Multivariate sib-pair linkage analysis of longitudinal phenotypes by three step-wise analysis approaches.

作者信息

Guo Zheng, Li Xia, Rao Shaoqi, Moser Kathy L, Zhang Tianwen, Gong Binsheng, Shen Gongqing, Li Lin, Cannata Ruth, Zirzow Erich, Topol Eric J, Wang Qing

机构信息

Department of Computer Science, Harbin Institute of Technology, Harbin, China.

出版信息

BMC Genet. 2003 Dec 31;4 Suppl 1(Suppl 1):S68. doi: 10.1186/1471-2156-4-S1-S68.

Abstract

BACKGROUND

Current statistical methods for sib-pair linkage analysis of complex diseases include linear models, generalized linear models, and novel data mining techniques. The purpose of this study was to further investigate the utility and properties of a novel pattern recognition technique (step-wise discriminant analysis) using the chromosome 10 linkage data from the Framingham Heart Study and by comparing it with step-wise logistic regression and linear regression.

RESULTS

The three step-wise approaches were compared in terms of statistical significance and gene localization. Step-wise discriminant linkage analysis approach performed best; next was step-wise logistic regression; and step-wise linear regression was the least efficient because it ignored the categorical nature of disease phenotypes. Nevertheless, all three methods successfully identified the previously reported chromosomal region linked to human hypertension, marker GATA64A09. We also explored the possibility of using the discriminant analysis to detect gene x gene and gene x environment interactions.
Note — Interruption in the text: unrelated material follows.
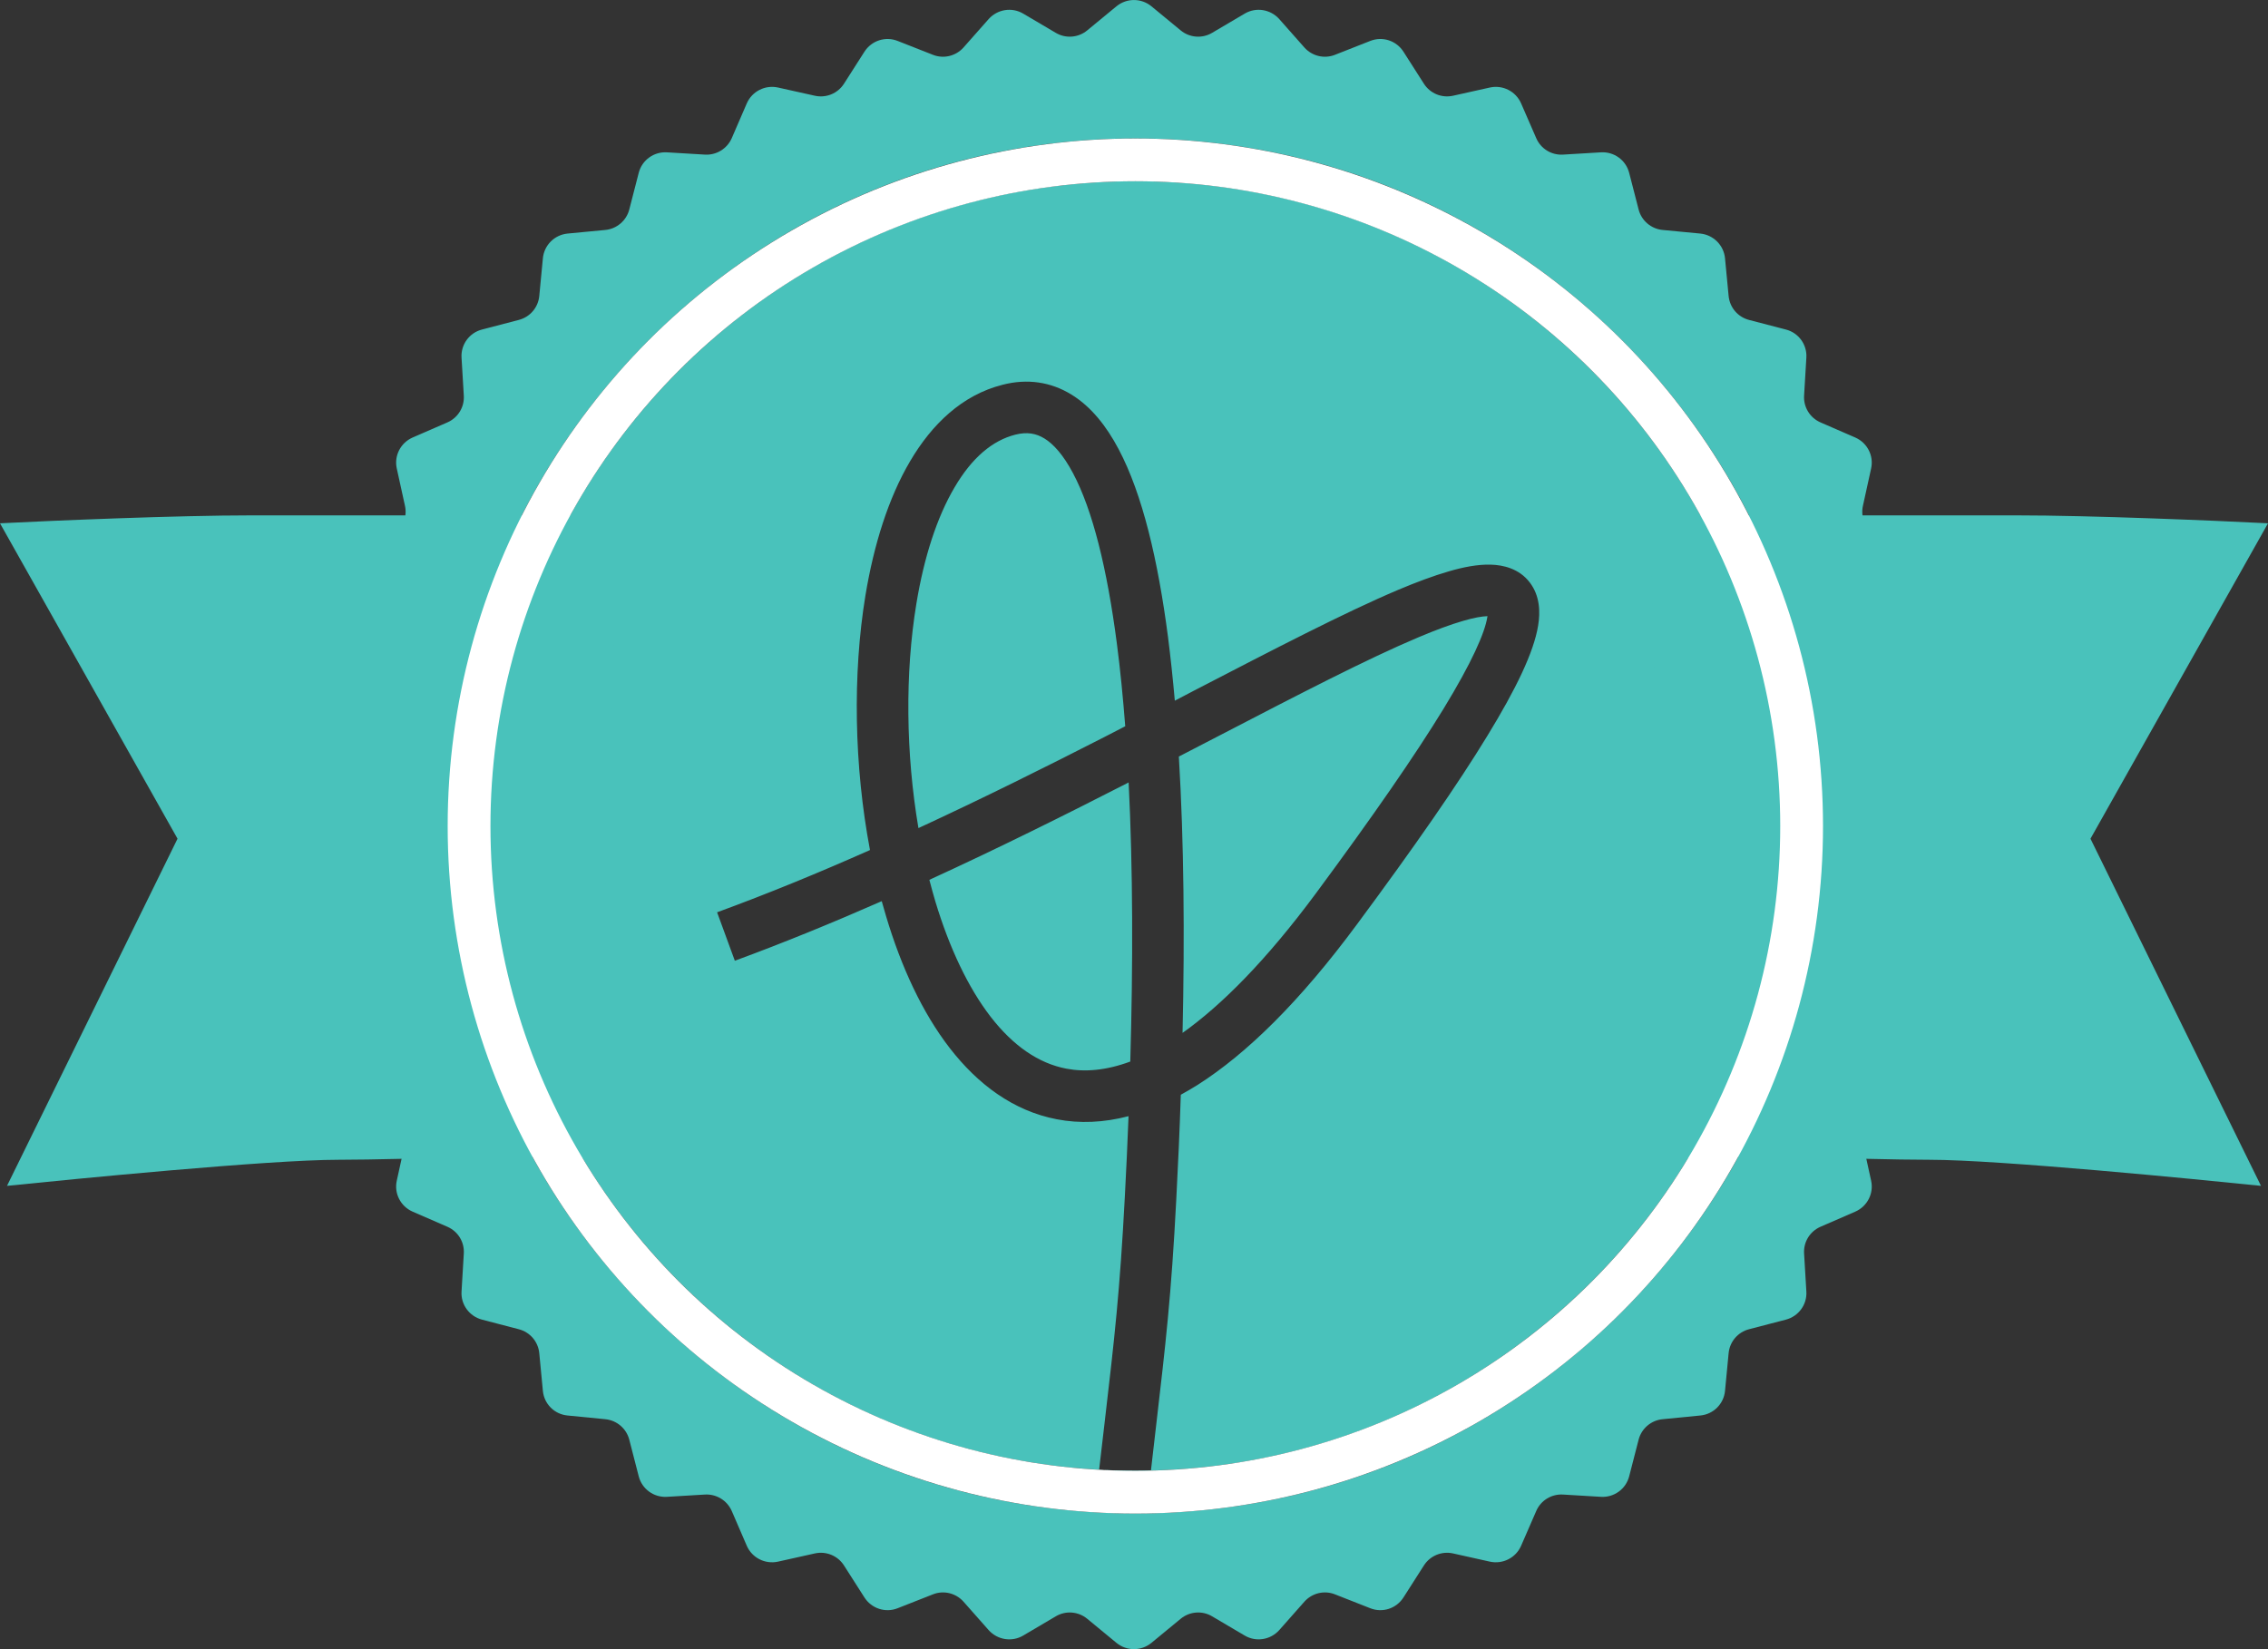 <?xml version="1.0" encoding="UTF-8"?> <svg xmlns="http://www.w3.org/2000/svg" width="22" height="16" viewBox="0 0 22 16" fill="none"><rect x="0" y="0" width="22" height="16" fill="#333333" stroke="none"/><path fill-rule="evenodd" clip-rule="evenodd" d="M11.169 0.061C11.07 -0.02 10.929 -0.02 10.83 0.061L10.546 0.295C10.46 0.366 10.338 0.376 10.242 0.319L9.925 0.132C9.815 0.067 9.675 0.09 9.59 0.185L9.346 0.461C9.272 0.544 9.154 0.573 9.05 0.532L8.707 0.397C8.589 0.35 8.454 0.394 8.385 0.502L8.187 0.812C8.127 0.906 8.015 0.953 7.905 0.929L7.546 0.849C7.422 0.822 7.295 0.886 7.244 1.003L7.098 1.341C7.053 1.443 6.949 1.507 6.837 1.5L6.47 1.478C6.343 1.47 6.228 1.553 6.196 1.676L6.104 2.033C6.076 2.141 5.983 2.22 5.872 2.231L5.505 2.266C5.378 2.279 5.278 2.379 5.266 2.506L5.231 2.872C5.22 2.984 5.141 3.076 5.032 3.104L4.676 3.197C4.553 3.228 4.469 3.343 4.477 3.47L4.499 3.838C4.506 3.949 4.443 4.053 4.34 4.098L4.002 4.245C3.886 4.296 3.821 4.422 3.849 4.546L3.928 4.906C3.953 5.015 3.906 5.128 3.812 5.188L3.501 5.386C3.394 5.454 3.35 5.589 3.397 5.707L3.531 6.05C3.572 6.154 3.544 6.273 3.46 6.347L3.184 6.591C3.089 6.675 3.067 6.815 3.132 6.925L3.318 7.242C3.375 7.339 3.366 7.46 3.294 7.547L3.06 7.831C2.979 7.929 2.979 8.071 3.06 8.169L3.294 8.453C3.366 8.54 3.375 8.661 3.318 8.758L3.132 9.075C3.067 9.185 3.089 9.325 3.184 9.409L3.46 9.653C3.544 9.727 3.572 9.846 3.531 9.95L3.397 10.293C3.35 10.411 3.394 10.546 3.501 10.614L3.812 10.812C3.906 10.872 3.953 10.985 3.928 11.094L3.849 11.454C3.821 11.578 3.886 11.704 4.002 11.755L4.34 11.902C4.443 11.947 4.506 12.05 4.499 12.162L4.477 12.53C4.469 12.657 4.553 12.771 4.676 12.803L5.032 12.896C5.141 12.924 5.22 13.016 5.231 13.128L5.266 13.494C5.278 13.621 5.378 13.721 5.505 13.733L5.872 13.769C5.983 13.78 6.076 13.859 6.104 13.967L6.196 14.324C6.228 14.447 6.343 14.53 6.47 14.522L6.837 14.5C6.949 14.493 7.053 14.557 7.098 14.659L7.244 14.997C7.295 15.114 7.422 15.178 7.546 15.151L7.905 15.071C8.015 15.047 8.127 15.094 8.187 15.188L8.385 15.498C8.454 15.606 8.589 15.65 8.707 15.603L9.05 15.468C9.154 15.427 9.272 15.456 9.346 15.539L9.59 15.815C9.675 15.91 9.815 15.933 9.925 15.868L10.242 15.681C10.338 15.624 10.46 15.634 10.546 15.705L10.83 15.939C10.929 16.02 11.07 16.02 11.169 15.939L11.453 15.705C11.539 15.634 11.661 15.624 11.757 15.681L12.074 15.868C12.184 15.933 12.324 15.91 12.409 15.815L12.653 15.539C12.727 15.456 12.845 15.427 12.949 15.468L13.292 15.603C13.411 15.65 13.545 15.606 13.614 15.498L13.812 15.188C13.872 15.094 13.984 15.047 14.094 15.071L14.453 15.151C14.577 15.178 14.704 15.114 14.755 14.997L14.902 14.659C14.946 14.557 15.05 14.493 15.162 14.5L15.529 14.522C15.656 14.53 15.771 14.447 15.803 14.324L15.895 13.967C15.923 13.859 16.016 13.78 16.127 13.769L16.494 13.733C16.62 13.721 16.721 13.621 16.733 13.494L16.768 13.128C16.779 13.016 16.858 12.924 16.966 12.896L17.323 12.803C17.446 12.771 17.53 12.657 17.522 12.53L17.5 12.162C17.493 12.05 17.556 11.947 17.659 11.902L17.997 11.755C18.113 11.704 18.178 11.578 18.15 11.454L18.071 11.094C18.046 10.985 18.093 10.872 18.187 10.812L18.498 10.614C18.605 10.546 18.649 10.411 18.602 10.293L18.468 9.95C18.427 9.846 18.455 9.727 18.539 9.653L18.815 9.409C18.91 9.325 18.932 9.185 18.867 9.075L18.681 8.758C18.624 8.661 18.634 8.54 18.705 8.453L18.939 8.169C19.02 8.071 19.02 7.929 18.939 7.831L18.705 7.547C18.634 7.46 18.624 7.339 18.681 7.242L18.867 6.925C18.932 6.815 18.91 6.675 18.815 6.591L18.539 6.347C18.455 6.273 18.427 6.154 18.468 6.05L18.602 5.707C18.649 5.589 18.605 5.454 18.498 5.386L18.187 5.188C18.093 5.128 18.046 5.015 18.071 4.906L18.15 4.546C18.178 4.422 18.113 4.296 17.997 4.245L17.659 4.098C17.556 4.053 17.493 3.949 17.5 3.838L17.522 3.47C17.53 3.343 17.446 3.228 17.323 3.197L16.966 3.104C16.858 3.076 16.779 2.984 16.768 2.872L16.733 2.506C16.721 2.379 16.62 2.279 16.494 2.266L16.127 2.231C16.016 2.22 15.923 2.141 15.895 2.033L15.803 1.676C15.771 1.553 15.656 1.47 15.529 1.478L15.162 1.5C15.05 1.507 14.946 1.443 14.902 1.341L14.755 1.003C14.704 0.886 14.577 0.822 14.453 0.849L14.094 0.929C13.984 0.953 13.872 0.906 13.812 0.812L13.614 0.502C13.545 0.394 13.411 0.35 13.292 0.397L12.949 0.532C12.845 0.573 12.727 0.544 12.653 0.461L12.409 0.185C12.324 0.09 12.184 0.067 12.074 0.132L11.757 0.319C11.661 0.376 11.539 0.366 11.453 0.295L11.169 0.061ZM17.268 8.014C17.268 11.468 14.468 14.269 11.013 14.269C7.558 14.269 4.758 11.468 4.758 8.014C4.758 4.559 7.558 1.758 11.013 1.758C14.468 1.758 17.268 4.559 17.268 8.014ZM17.684 8.014C17.684 11.698 14.697 14.684 11.013 14.684C7.329 14.684 4.343 11.698 4.343 8.014C4.343 4.33 7.329 1.343 11.013 1.343C14.697 1.343 17.684 4.33 17.684 8.014ZM10.131 4.254C10.051 4.205 9.964 4.188 9.849 4.217C9.628 4.273 9.428 4.44 9.259 4.729C9.089 5.017 8.963 5.406 8.889 5.857C8.778 6.53 8.786 7.31 8.909 8.034C9.532 7.746 10.137 7.445 10.706 7.154C10.776 7.118 10.845 7.082 10.915 7.046C10.893 6.765 10.867 6.497 10.834 6.245C10.739 5.515 10.598 4.947 10.408 4.59C10.314 4.413 10.219 4.308 10.131 4.254ZM11.396 6.798C11.377 6.584 11.355 6.378 11.33 6.181C11.233 5.437 11.083 4.795 10.85 4.356C10.733 4.135 10.585 3.946 10.393 3.828C10.193 3.705 9.965 3.671 9.725 3.733C9.333 3.832 9.039 4.116 8.828 4.475C8.617 4.833 8.476 5.287 8.395 5.776C8.269 6.543 8.285 7.432 8.439 8.247C7.951 8.464 7.453 8.669 6.956 8.851L7.128 9.321C7.607 9.145 8.084 8.949 8.553 8.743C8.567 8.793 8.581 8.843 8.596 8.892C8.741 9.377 8.945 9.823 9.214 10.17C9.484 10.518 9.828 10.778 10.251 10.859C10.473 10.902 10.706 10.892 10.947 10.829C10.937 11.09 10.925 11.351 10.911 11.612C10.863 12.527 10.811 12.98 10.717 13.785C10.7 13.929 10.682 14.085 10.662 14.256L11.159 14.313C11.179 14.143 11.197 13.989 11.213 13.845C11.307 13.037 11.362 12.569 11.41 11.638C11.428 11.3 11.443 10.96 11.454 10.621C11.508 10.592 11.563 10.559 11.618 10.525C12.097 10.22 12.612 9.713 13.162 8.969C13.726 8.208 14.143 7.606 14.427 7.14C14.706 6.684 14.878 6.328 14.92 6.07C14.942 5.939 14.938 5.78 14.839 5.651C14.737 5.517 14.583 5.481 14.458 5.478C14.333 5.475 14.193 5.502 14.051 5.544C13.906 5.586 13.742 5.647 13.564 5.722C13.046 5.941 12.361 6.297 11.579 6.702C11.519 6.734 11.458 6.766 11.396 6.798ZM10.948 7.591C10.943 7.594 10.938 7.596 10.933 7.599C10.331 7.907 9.685 8.229 9.015 8.536C9.034 8.608 9.053 8.679 9.074 8.749C9.209 9.195 9.39 9.58 9.609 9.864C9.828 10.147 10.075 10.317 10.344 10.368C10.521 10.402 10.727 10.387 10.964 10.299C10.991 9.354 10.99 8.428 10.948 7.591ZM11.471 10.021C11.492 9.085 11.485 8.168 11.435 7.34C11.57 7.271 11.701 7.203 11.829 7.136C12.602 6.735 13.261 6.393 13.759 6.183C13.927 6.112 14.071 6.059 14.191 6.024C14.3 5.992 14.378 5.979 14.429 5.978C14.428 5.981 14.428 5.985 14.427 5.989C14.402 6.141 14.28 6.422 14.001 6.879C13.727 7.327 13.321 7.915 12.761 8.672C12.282 9.318 11.851 9.751 11.471 10.021ZM14.475 5.981C14.475 5.981 14.474 5.98 14.473 5.98L14.475 5.981ZM14.43 5.933C14.43 5.932 14.43 5.932 14.43 5.932L14.43 5.933Z" fill="#49C2BB"></path><path d="M19.551 5H16L16.214 11.252C16.749 11.189 18.045 11.252 18.718 11.252C19.392 11.252 21.307 11.441 21.932 11.505L20.278 8.137L22 5.077C21.49 5.051 20.286 5 19.551 5Z" fill="#49C2BB"></path><path d="M2.449 5H6L5.786 11.252C5.251 11.189 3.955 11.252 3.282 11.252C2.608 11.252 0.693 11.441 0.068 11.505L1.722 8.137L0 5.077C0.51 5.051 1.714 5 2.449 5Z" fill="#49C2BB"></path><circle cx="11.013" cy="8.014" r="6.463" stroke="white" stroke-width="0.415"></circle></svg>

There was evidence to suggest the existence of gene x environment interactions between markers GATA64A09 or GATA115E01 and hypertension treatment and gene x gene interactions between markers GATA64A09 and GATA115E01. Finally, we answered the theoretical question "Is a trichotomous phenotype more efficient than a binary?" Unlike logistic regression, discriminant sib-pair linkage analysis might have more power to detect linkage to a binary phenotype than a trichotomous one.

CONCLUSION

We confirmed our previous speculation that step-wise discriminant analysis is useful for genetic mapping of complex diseases. This analysis also supported the possibility of the pattern recognition technique for investigating gene x gene or gene x environment interactions.

摘要

背景

目前用于复杂疾病同胞对连锁分析的统计方法包括线性模型、广义线性模型和新型数据挖掘技术。本研究的目的是利用弗雷明汉心脏研究中10号染色体的连锁数据,进一步研究一种新型模式识别技术(逐步判别分析)的效用和特性,并将其与逐步逻辑回归和线性回归进行比较。

结果

从统计学显著性和基因定位方面对三种逐步分析方法进行了比较。逐步判别连锁分析方法表现最佳;其次是逐步逻辑回归;逐步线性回归效率最低,因为它忽略了疾病表型的分类性质。然而,所有三种方法都成功地识别出了先前报道的与人类高血压相关的染色体区域,即标记GATA64A09。我们还探讨了使用判别分析检测基因×基因和基因×环境相互作用的可能性。有证据表明,标记GATA64A09或GATA115E01与高血压治疗之间存在基因×环境相互作用,标记GATA64A09和GATA115E01之间存在基因×基因相互作用。最后,我们回答了“三分型表型是否比二分型更有效?”这一理论问题。与逻辑回归不同,判别同胞对连锁分析可能在检测与二分型表型的连锁方面比三分型表型更具效力。

结论

我们证实了之前的推测,即逐步判别分析对复杂疾病的基因定位有用。该分析还支持了模式识别技术用于研究基因×基因或基因×环境相互作用的可能性。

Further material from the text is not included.